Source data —

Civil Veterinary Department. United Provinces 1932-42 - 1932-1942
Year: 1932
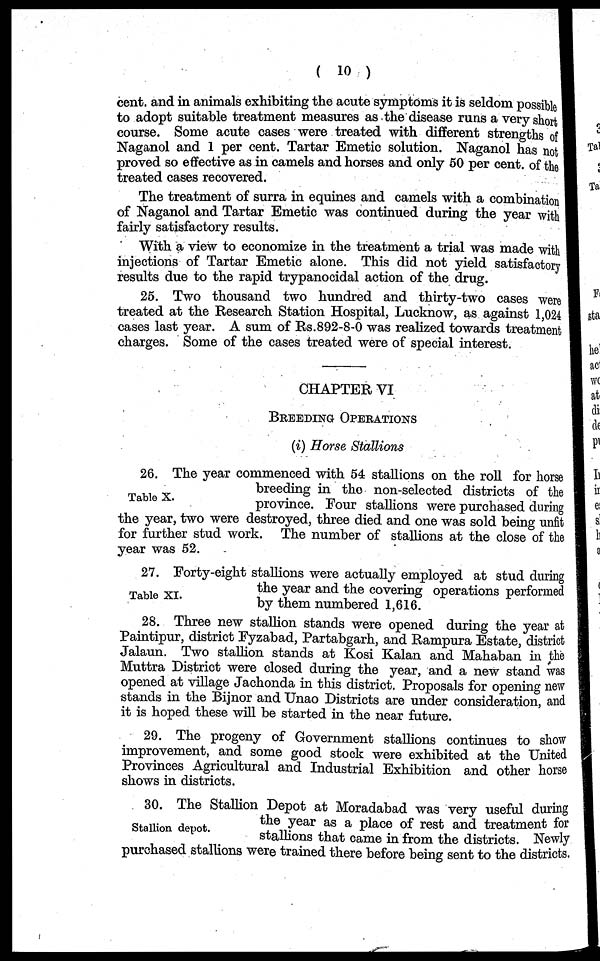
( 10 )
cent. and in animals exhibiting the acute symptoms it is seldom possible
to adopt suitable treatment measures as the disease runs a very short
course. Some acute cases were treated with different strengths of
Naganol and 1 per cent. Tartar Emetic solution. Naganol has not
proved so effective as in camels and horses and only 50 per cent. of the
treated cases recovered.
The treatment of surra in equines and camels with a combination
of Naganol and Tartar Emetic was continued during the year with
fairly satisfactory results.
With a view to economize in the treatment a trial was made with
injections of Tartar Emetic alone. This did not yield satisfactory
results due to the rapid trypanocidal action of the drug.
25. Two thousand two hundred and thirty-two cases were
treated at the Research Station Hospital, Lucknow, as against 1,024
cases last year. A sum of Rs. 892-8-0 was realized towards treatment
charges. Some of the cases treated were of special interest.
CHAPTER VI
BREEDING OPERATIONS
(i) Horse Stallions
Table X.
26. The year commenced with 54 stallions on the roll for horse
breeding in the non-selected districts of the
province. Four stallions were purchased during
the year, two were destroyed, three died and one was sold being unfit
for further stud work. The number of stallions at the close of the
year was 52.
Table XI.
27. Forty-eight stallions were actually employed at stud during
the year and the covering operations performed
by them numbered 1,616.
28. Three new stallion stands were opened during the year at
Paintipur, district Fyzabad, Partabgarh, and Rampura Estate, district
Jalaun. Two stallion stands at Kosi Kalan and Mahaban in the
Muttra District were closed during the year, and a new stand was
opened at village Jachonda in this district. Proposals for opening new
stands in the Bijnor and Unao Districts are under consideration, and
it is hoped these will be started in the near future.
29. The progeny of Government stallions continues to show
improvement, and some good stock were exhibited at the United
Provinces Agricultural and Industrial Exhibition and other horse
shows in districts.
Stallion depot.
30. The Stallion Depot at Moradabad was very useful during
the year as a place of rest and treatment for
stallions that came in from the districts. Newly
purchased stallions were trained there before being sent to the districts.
==
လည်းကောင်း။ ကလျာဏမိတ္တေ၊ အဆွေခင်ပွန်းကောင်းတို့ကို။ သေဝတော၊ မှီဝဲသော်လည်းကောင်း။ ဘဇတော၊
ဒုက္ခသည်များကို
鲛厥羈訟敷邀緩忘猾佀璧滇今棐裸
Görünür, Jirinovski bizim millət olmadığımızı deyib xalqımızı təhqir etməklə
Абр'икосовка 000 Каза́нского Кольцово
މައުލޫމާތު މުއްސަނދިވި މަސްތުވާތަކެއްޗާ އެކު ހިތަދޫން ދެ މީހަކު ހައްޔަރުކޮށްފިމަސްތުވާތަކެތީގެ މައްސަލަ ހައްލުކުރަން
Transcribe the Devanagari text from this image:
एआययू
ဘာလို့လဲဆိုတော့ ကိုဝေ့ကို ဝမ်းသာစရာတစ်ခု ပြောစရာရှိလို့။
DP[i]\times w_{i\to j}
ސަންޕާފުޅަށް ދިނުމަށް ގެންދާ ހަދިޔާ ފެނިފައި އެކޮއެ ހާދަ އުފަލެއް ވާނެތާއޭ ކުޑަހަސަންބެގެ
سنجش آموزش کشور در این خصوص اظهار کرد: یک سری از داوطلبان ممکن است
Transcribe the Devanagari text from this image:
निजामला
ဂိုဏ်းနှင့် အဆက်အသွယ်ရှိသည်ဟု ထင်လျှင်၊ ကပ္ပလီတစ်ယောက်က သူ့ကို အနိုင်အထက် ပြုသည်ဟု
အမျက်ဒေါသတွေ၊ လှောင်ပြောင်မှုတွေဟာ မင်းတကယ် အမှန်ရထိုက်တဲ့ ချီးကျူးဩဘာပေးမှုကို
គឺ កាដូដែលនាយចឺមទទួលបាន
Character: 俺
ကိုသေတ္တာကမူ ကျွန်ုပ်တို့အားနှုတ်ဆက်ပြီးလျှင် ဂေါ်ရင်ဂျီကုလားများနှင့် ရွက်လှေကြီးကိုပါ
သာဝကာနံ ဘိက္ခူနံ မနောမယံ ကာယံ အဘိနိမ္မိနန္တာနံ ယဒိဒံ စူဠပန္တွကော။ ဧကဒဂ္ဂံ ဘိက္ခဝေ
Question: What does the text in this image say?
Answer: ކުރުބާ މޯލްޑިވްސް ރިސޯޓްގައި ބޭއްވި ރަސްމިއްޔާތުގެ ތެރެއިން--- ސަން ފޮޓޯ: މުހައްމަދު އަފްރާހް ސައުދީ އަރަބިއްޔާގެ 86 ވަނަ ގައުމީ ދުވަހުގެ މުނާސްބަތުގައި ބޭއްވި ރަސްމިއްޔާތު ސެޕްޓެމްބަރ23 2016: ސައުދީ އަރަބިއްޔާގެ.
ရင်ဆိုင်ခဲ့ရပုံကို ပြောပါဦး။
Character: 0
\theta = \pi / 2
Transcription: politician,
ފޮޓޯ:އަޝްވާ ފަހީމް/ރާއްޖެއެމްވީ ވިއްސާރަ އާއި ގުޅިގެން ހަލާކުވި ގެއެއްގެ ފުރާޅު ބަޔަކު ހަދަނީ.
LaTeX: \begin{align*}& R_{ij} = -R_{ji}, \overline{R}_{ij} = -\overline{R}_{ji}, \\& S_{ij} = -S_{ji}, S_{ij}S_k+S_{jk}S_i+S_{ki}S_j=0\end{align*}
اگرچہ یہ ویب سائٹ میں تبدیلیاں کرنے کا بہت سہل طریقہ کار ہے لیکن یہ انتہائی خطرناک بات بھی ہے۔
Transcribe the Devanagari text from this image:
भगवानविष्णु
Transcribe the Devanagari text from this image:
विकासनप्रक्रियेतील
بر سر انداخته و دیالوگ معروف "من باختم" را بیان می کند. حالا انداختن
* * *
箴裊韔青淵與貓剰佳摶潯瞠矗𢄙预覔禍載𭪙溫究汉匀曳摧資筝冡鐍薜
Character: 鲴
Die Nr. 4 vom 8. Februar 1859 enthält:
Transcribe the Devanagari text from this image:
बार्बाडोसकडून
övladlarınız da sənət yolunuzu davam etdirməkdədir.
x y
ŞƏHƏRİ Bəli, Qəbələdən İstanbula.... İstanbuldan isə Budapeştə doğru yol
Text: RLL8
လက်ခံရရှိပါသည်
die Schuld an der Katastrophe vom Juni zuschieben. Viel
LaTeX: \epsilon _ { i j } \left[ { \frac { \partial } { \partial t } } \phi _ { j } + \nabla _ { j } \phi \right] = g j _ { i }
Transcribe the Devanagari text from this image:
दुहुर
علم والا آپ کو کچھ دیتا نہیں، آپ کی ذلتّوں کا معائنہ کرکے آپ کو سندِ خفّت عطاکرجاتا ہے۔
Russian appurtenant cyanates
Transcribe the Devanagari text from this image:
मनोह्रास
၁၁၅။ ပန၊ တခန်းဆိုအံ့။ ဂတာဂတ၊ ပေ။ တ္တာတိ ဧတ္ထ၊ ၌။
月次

Work required — All lines above from the line with "Character: 鲴" through the line with "LaTeX: \epsilon _", both included, are to be set down exactly, with nothing else.

Task result —
Character: 鲴
Die Nr. 4 vom 8. Februar 1859 enthält:
Transcribe the Devanagari text from this image:
बार्बाडोसकडून
övladlarınız da sənət yolunuzu davam etdirməkdədir.
x y
ŞƏHƏRİ Bəli, Qəbələdən İstanbula.... İstanbuldan isə Budapeştə doğru yol
Text: RLL8
လက်ခံရရှိပါသည်
die Schuld an der Katastrophe vom Juni zuschieben. Viel
LaTeX: \epsilon _ { i j } \left[ { \frac { \partial } { \partial t } } \phi _ { j } + \nabla _ { j } \phi \right] = g j _ { i }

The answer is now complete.